An exact transcription of the records is required, minus any images.

** Data to process follows **

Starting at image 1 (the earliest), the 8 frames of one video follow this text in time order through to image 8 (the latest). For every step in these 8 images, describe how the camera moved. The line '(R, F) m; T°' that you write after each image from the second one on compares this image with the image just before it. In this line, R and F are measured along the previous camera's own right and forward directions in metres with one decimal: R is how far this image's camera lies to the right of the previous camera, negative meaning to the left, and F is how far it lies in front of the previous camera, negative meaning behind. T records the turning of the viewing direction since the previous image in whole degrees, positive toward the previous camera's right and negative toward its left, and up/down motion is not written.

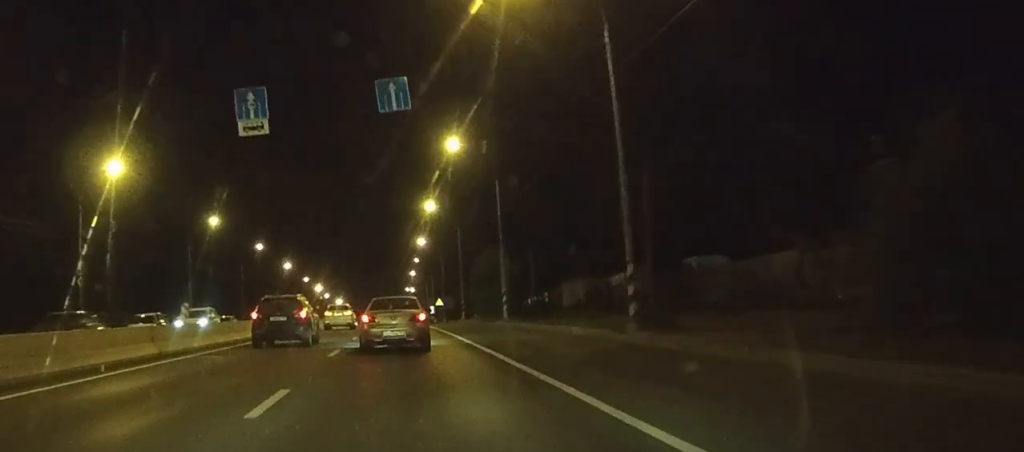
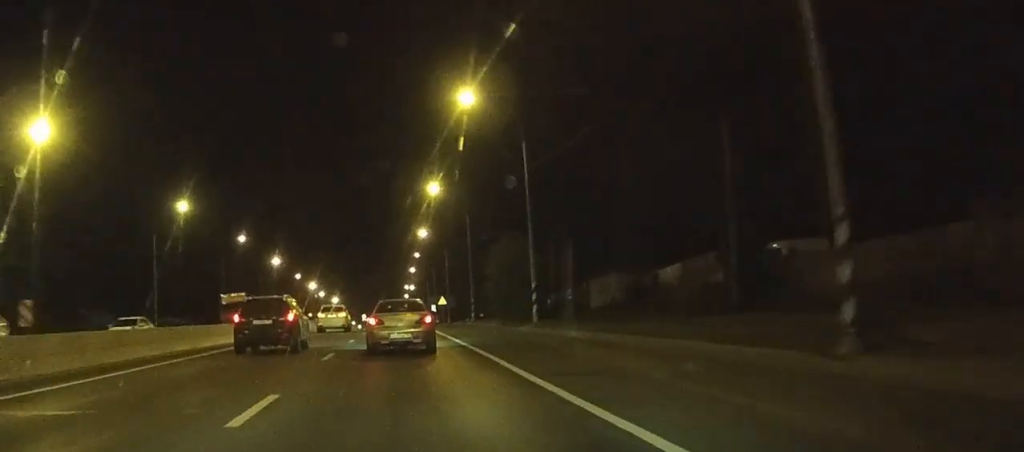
(0.0, +12.2) m; 0°
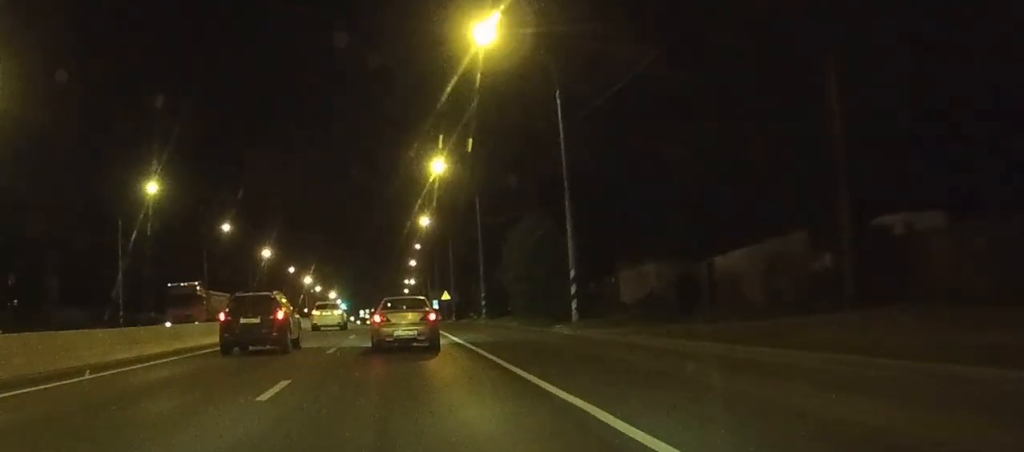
(0.0, +9.4) m; 0°
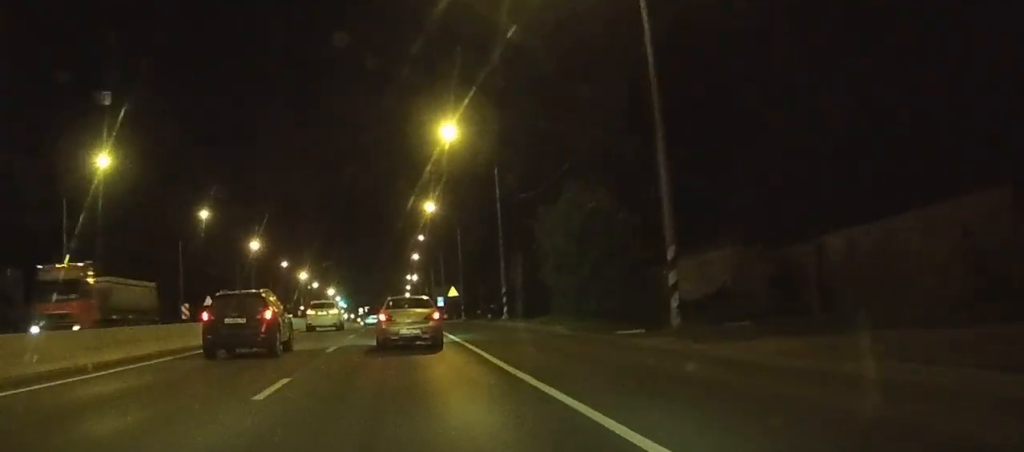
(0.0, +11.6) m; 0°
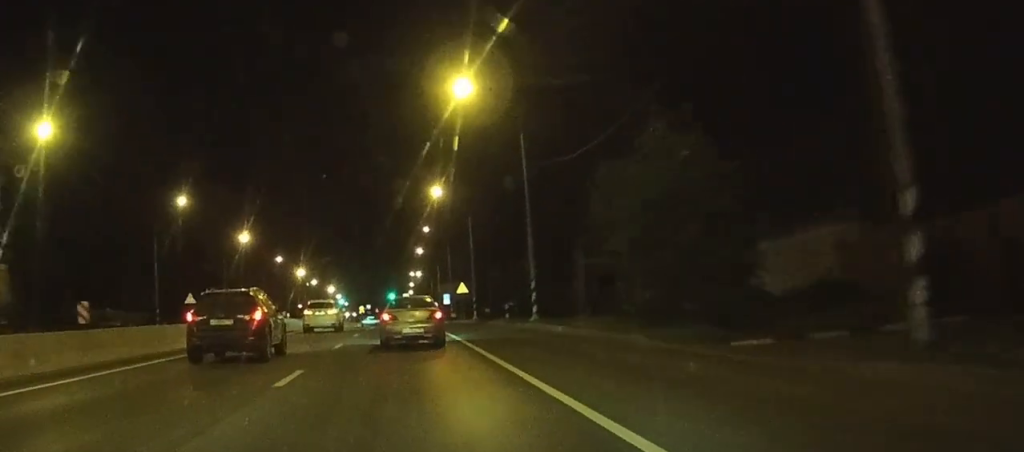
(0.0, +10.0) m; 0°
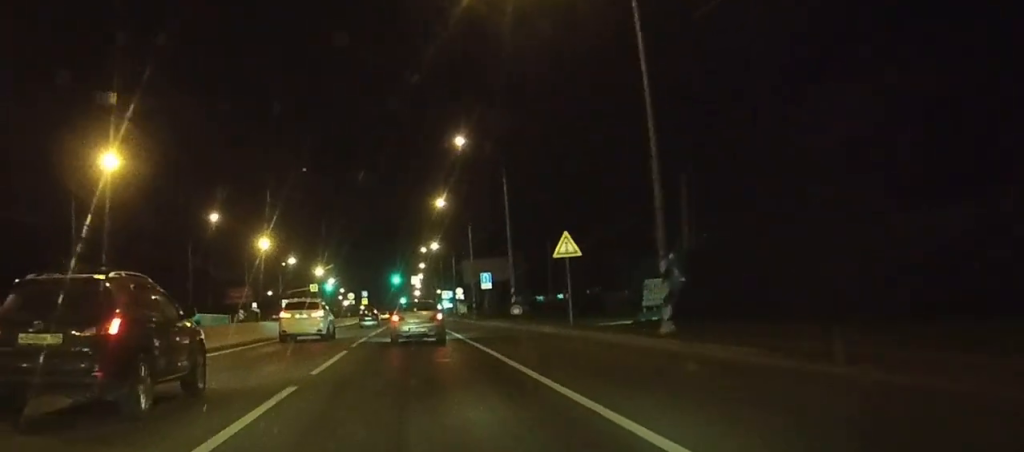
(+0.2, +52.6) m; 0°
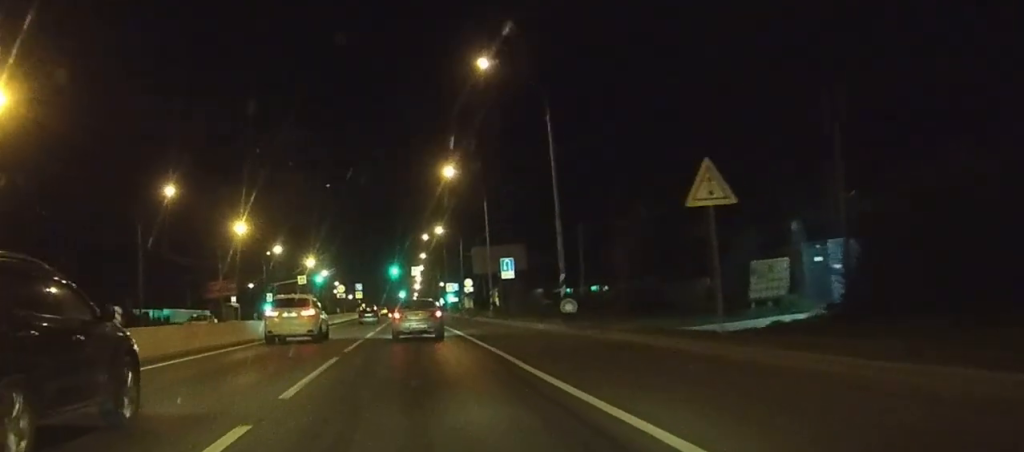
(-0.1, +16.5) m; 0°
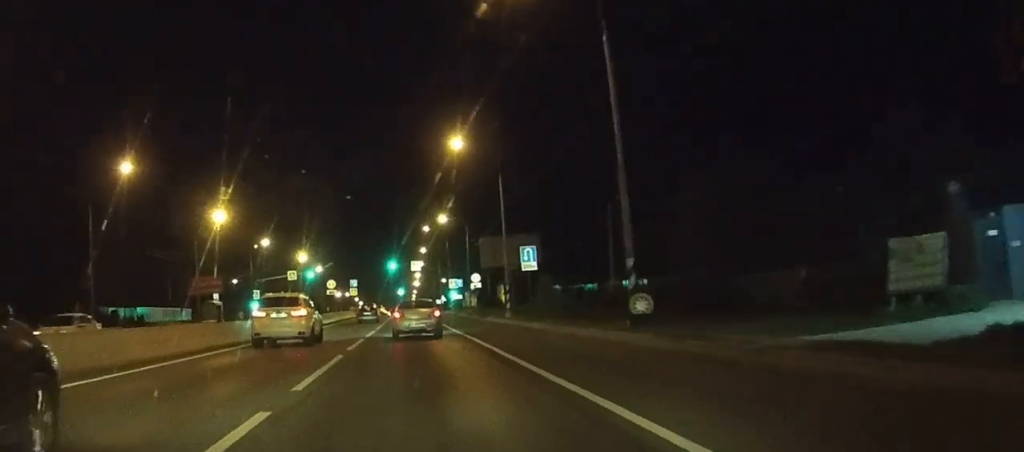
(0.0, +10.9) m; 0°

** End of Data to process **

**Answer to the exercise**
Starting at image 1 (the earliest), the 8 frames of one video follow this text in time order through to image 8 (the latest). For every step in these 8 images, describe how the camera moved. The line '(R, F) m; T°' that you write after each image from the second one on compares this image with the image just before it. In this line, R and F are measured along the previous camera's own right and forward directions in metres with one decimal: R is how far this image's camera lies to the right of the previous camera, negative meaning to the left, and F is how far it lies in front of the previous camera, negative meaning behind. T records the turning of the viewing direction since the previous image in whole degrees, positive toward the previous camera's right and negative toward its left, and up/down motion is not written.

(0.0, +12.2) m; 0°
(0.0, +9.4) m; 0°
(0.0, +11.6) m; 0°
(0.0, +10.0) m; 0°
(+0.2, +52.6) m; 0°
(-0.1, +16.5) m; 0°
(0.0, +10.9) m; 0°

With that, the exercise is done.